EXERCISE DETAILS. The line containing "In Beziehung auf das Maß dieser Zulage" marks the end: write out exactly every line from the first line of the data below through that line, and only those.

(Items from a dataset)
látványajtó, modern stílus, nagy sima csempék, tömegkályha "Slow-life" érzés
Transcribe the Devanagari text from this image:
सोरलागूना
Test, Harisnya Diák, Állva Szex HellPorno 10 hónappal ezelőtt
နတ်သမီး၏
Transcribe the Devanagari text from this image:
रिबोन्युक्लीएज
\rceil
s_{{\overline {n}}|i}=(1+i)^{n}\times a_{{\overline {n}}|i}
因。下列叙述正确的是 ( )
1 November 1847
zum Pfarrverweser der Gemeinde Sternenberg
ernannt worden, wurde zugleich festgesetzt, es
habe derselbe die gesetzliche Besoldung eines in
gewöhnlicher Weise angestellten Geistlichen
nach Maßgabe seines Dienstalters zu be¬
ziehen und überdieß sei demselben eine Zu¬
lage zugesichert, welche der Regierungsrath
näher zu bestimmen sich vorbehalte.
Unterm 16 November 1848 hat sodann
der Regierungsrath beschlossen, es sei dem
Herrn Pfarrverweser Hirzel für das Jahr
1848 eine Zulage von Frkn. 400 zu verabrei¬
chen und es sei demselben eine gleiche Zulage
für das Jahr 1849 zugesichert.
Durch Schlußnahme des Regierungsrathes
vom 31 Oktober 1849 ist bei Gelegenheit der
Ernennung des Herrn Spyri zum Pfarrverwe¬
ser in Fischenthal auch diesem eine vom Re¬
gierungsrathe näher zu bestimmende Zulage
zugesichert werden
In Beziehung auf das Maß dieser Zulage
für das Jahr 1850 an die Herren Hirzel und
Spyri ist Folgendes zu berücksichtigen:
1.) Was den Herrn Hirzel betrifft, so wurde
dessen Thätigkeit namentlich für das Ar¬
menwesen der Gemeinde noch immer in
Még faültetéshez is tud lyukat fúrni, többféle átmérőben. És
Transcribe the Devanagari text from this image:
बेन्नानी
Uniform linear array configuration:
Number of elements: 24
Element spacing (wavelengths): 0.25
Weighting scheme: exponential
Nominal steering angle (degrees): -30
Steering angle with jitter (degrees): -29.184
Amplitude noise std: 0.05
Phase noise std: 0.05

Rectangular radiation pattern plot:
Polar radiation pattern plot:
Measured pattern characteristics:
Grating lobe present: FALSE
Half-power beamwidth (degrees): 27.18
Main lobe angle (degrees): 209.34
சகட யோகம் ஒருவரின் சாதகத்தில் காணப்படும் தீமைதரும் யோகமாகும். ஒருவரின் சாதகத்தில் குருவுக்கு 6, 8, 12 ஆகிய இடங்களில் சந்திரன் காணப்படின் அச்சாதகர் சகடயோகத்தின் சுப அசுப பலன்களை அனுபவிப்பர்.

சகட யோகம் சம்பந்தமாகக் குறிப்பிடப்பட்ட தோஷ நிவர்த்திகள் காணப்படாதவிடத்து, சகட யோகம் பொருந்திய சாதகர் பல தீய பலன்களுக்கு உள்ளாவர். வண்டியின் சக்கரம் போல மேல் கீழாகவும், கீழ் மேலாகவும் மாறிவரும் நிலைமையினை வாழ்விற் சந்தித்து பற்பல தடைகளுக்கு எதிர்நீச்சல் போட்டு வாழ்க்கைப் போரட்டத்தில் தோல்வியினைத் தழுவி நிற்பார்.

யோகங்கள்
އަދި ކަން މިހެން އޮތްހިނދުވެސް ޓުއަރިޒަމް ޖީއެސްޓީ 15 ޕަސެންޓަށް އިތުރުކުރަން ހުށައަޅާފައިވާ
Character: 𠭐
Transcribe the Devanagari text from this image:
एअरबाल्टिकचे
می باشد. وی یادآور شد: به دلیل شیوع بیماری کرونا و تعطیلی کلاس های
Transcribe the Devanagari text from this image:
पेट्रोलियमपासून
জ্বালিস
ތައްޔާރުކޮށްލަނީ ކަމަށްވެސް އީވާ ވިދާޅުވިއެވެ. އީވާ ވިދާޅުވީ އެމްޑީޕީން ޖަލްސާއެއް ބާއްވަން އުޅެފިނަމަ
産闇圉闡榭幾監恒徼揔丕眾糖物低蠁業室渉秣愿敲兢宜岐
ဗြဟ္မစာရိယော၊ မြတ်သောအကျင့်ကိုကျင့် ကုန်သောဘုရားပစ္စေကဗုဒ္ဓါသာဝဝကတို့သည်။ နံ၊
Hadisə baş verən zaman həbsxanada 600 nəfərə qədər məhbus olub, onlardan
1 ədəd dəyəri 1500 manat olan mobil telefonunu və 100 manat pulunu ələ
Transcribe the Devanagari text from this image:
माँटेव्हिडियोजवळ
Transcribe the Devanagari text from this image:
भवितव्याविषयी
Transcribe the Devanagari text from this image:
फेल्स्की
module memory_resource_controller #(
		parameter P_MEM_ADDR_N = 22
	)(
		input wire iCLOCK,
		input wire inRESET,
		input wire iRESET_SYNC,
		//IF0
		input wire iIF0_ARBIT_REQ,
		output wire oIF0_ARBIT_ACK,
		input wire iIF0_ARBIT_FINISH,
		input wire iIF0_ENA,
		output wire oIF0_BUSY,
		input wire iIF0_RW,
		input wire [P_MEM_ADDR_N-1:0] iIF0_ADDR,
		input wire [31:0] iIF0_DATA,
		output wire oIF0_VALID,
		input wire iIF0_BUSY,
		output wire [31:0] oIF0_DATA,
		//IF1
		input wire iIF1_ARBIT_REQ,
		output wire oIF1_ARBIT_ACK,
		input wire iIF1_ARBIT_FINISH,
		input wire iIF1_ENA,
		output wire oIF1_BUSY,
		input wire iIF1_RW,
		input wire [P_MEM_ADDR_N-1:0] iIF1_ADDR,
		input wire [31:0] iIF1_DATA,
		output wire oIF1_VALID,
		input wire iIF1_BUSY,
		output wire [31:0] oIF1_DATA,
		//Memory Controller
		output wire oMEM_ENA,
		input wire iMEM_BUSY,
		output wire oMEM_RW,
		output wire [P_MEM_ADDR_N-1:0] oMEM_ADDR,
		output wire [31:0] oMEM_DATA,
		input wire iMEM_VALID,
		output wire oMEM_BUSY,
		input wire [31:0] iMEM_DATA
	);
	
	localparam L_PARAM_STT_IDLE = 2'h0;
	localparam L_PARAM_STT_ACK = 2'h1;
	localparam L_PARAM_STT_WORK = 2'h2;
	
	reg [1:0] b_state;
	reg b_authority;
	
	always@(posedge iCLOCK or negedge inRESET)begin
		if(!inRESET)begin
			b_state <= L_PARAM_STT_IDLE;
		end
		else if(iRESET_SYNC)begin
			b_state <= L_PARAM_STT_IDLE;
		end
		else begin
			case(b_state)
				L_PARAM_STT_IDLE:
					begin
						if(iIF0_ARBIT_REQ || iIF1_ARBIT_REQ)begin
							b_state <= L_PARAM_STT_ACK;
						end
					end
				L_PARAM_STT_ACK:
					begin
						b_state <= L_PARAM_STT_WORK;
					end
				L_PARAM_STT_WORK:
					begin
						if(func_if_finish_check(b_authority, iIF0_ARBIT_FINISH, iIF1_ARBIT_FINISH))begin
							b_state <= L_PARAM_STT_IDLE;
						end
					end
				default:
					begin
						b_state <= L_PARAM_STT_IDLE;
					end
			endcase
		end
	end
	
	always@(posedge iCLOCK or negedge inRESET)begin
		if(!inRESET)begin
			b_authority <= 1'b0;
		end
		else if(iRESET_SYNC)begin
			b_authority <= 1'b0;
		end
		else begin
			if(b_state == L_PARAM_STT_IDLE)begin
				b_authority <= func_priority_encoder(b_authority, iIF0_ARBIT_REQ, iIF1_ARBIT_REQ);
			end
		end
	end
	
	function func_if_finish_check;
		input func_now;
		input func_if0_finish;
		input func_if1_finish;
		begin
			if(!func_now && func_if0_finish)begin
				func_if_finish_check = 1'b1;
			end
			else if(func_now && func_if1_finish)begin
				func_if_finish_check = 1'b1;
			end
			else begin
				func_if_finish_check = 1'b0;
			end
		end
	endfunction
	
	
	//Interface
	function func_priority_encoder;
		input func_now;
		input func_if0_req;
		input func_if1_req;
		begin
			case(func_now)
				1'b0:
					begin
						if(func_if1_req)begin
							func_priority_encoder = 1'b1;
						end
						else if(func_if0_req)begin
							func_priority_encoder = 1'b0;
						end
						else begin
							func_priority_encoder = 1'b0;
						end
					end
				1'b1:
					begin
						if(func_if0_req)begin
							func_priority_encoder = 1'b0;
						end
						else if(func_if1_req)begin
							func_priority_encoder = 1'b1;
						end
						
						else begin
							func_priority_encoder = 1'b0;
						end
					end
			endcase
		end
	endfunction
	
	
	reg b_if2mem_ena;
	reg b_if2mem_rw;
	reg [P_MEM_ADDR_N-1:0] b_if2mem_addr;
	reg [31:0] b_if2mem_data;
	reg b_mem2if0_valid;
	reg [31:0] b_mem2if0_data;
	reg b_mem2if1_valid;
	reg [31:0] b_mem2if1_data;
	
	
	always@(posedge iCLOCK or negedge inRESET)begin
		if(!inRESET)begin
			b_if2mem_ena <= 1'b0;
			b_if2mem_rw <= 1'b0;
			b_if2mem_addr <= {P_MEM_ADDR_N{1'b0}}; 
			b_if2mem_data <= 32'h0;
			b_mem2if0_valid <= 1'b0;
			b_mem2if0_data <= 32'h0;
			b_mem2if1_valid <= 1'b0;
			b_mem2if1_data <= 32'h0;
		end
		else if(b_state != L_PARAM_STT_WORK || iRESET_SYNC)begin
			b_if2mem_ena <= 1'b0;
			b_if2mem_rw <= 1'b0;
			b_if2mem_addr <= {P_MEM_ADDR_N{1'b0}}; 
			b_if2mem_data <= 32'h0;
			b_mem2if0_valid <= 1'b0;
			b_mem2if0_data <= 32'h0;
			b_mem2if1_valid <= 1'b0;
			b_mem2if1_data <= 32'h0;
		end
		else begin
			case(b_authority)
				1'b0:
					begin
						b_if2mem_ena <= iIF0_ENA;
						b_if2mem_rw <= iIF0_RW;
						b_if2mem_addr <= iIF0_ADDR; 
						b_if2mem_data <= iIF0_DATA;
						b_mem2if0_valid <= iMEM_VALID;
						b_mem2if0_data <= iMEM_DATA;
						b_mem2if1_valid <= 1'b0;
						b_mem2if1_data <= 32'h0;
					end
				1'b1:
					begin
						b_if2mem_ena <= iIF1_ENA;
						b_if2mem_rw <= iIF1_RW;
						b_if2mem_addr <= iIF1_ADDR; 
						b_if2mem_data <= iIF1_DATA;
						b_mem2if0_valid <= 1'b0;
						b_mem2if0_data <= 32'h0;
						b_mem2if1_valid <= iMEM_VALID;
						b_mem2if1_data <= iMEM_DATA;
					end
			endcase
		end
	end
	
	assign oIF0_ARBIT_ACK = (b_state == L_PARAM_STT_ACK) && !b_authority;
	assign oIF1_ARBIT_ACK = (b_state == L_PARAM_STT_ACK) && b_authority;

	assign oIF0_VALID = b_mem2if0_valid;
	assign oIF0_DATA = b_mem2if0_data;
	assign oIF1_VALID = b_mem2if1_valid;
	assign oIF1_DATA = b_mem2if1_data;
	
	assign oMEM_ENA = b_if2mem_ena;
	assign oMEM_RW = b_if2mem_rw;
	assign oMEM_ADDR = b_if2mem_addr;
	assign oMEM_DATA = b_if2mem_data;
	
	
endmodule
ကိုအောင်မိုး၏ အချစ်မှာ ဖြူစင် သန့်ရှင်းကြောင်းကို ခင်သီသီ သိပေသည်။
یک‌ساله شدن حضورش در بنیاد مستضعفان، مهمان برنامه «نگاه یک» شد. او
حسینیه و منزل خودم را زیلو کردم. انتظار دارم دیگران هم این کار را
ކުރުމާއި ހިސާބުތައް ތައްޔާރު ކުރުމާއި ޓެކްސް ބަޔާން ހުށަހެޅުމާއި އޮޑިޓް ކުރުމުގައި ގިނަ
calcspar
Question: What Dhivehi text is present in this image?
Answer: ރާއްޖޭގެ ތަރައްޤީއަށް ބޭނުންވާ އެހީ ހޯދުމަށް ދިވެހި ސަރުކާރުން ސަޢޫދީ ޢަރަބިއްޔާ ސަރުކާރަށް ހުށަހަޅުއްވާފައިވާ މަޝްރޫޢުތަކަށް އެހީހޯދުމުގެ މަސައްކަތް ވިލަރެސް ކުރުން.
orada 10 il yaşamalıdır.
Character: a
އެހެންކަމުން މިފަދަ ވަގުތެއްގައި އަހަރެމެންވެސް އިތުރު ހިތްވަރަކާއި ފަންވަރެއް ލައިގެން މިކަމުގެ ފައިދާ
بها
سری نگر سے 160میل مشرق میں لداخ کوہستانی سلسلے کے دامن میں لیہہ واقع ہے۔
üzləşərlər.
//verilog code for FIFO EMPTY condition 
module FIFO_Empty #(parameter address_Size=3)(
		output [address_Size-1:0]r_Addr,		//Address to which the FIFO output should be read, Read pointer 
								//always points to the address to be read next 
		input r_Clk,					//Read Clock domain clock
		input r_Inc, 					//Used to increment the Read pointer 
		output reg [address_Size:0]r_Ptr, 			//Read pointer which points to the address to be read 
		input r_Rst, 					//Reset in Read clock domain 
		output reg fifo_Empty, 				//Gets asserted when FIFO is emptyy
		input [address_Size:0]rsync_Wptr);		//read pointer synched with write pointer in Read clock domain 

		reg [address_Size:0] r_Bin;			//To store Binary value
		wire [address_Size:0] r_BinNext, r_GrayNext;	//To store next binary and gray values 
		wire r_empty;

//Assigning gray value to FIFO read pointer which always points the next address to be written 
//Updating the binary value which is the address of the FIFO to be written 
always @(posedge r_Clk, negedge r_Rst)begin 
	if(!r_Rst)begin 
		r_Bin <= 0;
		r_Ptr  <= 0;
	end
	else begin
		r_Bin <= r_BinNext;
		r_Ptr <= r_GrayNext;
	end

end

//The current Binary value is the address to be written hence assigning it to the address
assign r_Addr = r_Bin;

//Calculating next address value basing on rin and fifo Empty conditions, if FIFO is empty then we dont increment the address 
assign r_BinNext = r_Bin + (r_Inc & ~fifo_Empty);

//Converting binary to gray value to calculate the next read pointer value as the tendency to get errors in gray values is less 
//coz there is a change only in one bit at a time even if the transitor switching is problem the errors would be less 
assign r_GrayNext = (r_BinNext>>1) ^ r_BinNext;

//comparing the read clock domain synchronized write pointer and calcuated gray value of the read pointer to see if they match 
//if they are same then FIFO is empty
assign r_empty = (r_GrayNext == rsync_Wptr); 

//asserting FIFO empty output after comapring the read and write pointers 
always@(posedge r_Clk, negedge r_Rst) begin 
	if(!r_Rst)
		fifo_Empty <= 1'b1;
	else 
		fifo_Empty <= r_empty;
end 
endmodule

TASK RESULT.
látványajtó, modern stílus, nagy sima csempék, tömegkályha "Slow-life" érzés
Transcribe the Devanagari text from this image:
सोरलागूना
Test, Harisnya Diák, Állva Szex HellPorno 10 hónappal ezelőtt
နတ်သမီး၏
Transcribe the Devanagari text from this image:
रिबोन्युक्लीएज
\rceil
s_{{\overline {n}}|i}=(1+i)^{n}\times a_{{\overline {n}}|i}
因。下列叙述正确的是 ( )
1 November 1847
zum Pfarrverweser der Gemeinde Sternenberg
ernannt worden, wurde zugleich festgesetzt, es
habe derselbe die gesetzliche Besoldung eines in
gewöhnlicher Weise angestellten Geistlichen
nach Maßgabe seines Dienstalters zu be¬
ziehen und überdieß sei demselben eine Zu¬
lage zugesichert, welche der Regierungsrath
näher zu bestimmen sich vorbehalte.
Unterm 16 November 1848 hat sodann
der Regierungsrath beschlossen, es sei dem
Herrn Pfarrverweser Hirzel für das Jahr
1848 eine Zulage von Frkn. 400 zu verabrei¬
chen und es sei demselben eine gleiche Zulage
für das Jahr 1849 zugesichert.
Durch Schlußnahme des Regierungsrathes
vom 31 Oktober 1849 ist bei Gelegenheit der
Ernennung des Herrn Spyri zum Pfarrverwe¬
ser in Fischenthal auch diesem eine vom Re¬
gierungsrathe näher zu bestimmende Zulage
zugesichert werden
In Beziehung auf das Maß dieser Zulage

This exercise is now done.